Iram, who was a licensed doctor in Pakistan and today is a radiology research assistant at Yale New Haven Hospital, said during her many years in the medical profession, she has never seen a crisis like this.

When the epidemic began she immediately knew she wanted to help. Iram began volunteering two weeks ago and has been working three days a week 7 a.m. to 7 p.m. and sometimes longer shifts.

“They’re [doctors] dealing with it the best possible way they can,” she said. “When you opt for this profession you have seen a lot, but this is a totally different scenario.”

According to Iram, the staff at BronxCare has welcomed her with open arms and made her feel at home.

While the apartment is only for two months, Philip Goldfarb, owner and managing partner of Goldfarb Properties and Trevor Schaper, vice president of operations, said they will extend the agreement if needed.

Goldfarb, who has had the company since 1975, explained that his company houses doctors from Mt. Sinai, Montefiore and BronxCare year round, so helping out-of-state volunteers during this crisis was a no-brainer.

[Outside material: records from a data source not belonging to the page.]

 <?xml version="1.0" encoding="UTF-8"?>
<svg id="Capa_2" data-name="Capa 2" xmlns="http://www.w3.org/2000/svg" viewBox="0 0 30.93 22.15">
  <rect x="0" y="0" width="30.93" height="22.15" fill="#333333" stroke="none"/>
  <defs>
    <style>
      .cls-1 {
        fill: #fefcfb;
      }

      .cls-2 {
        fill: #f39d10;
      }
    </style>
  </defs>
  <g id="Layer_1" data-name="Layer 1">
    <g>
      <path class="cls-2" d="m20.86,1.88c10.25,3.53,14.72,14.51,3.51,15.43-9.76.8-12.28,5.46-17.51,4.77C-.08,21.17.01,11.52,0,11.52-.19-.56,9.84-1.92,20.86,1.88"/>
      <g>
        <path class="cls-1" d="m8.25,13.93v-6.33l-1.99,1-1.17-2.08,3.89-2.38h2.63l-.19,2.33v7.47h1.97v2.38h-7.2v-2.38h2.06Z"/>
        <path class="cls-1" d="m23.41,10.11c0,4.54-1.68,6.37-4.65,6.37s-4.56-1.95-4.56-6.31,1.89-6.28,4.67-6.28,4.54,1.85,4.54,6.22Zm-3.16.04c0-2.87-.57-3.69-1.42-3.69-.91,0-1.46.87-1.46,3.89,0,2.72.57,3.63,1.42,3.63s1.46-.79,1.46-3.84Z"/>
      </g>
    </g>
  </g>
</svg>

“I can’t make face masks but this is something I can do,” Goldfarb said. “This is something nobody has experienced. You just have to do the right thing and keep going forward.”

Schaper noted that with people coming from places like Texas and Massachusetts, not only are they working in a different hospital, but they are temporarily living in a foreign place. Many have been asking him places to go to dinner, making him feel like a concierge.

“In a way it has been more challenging than renting them like we normally do,” he said.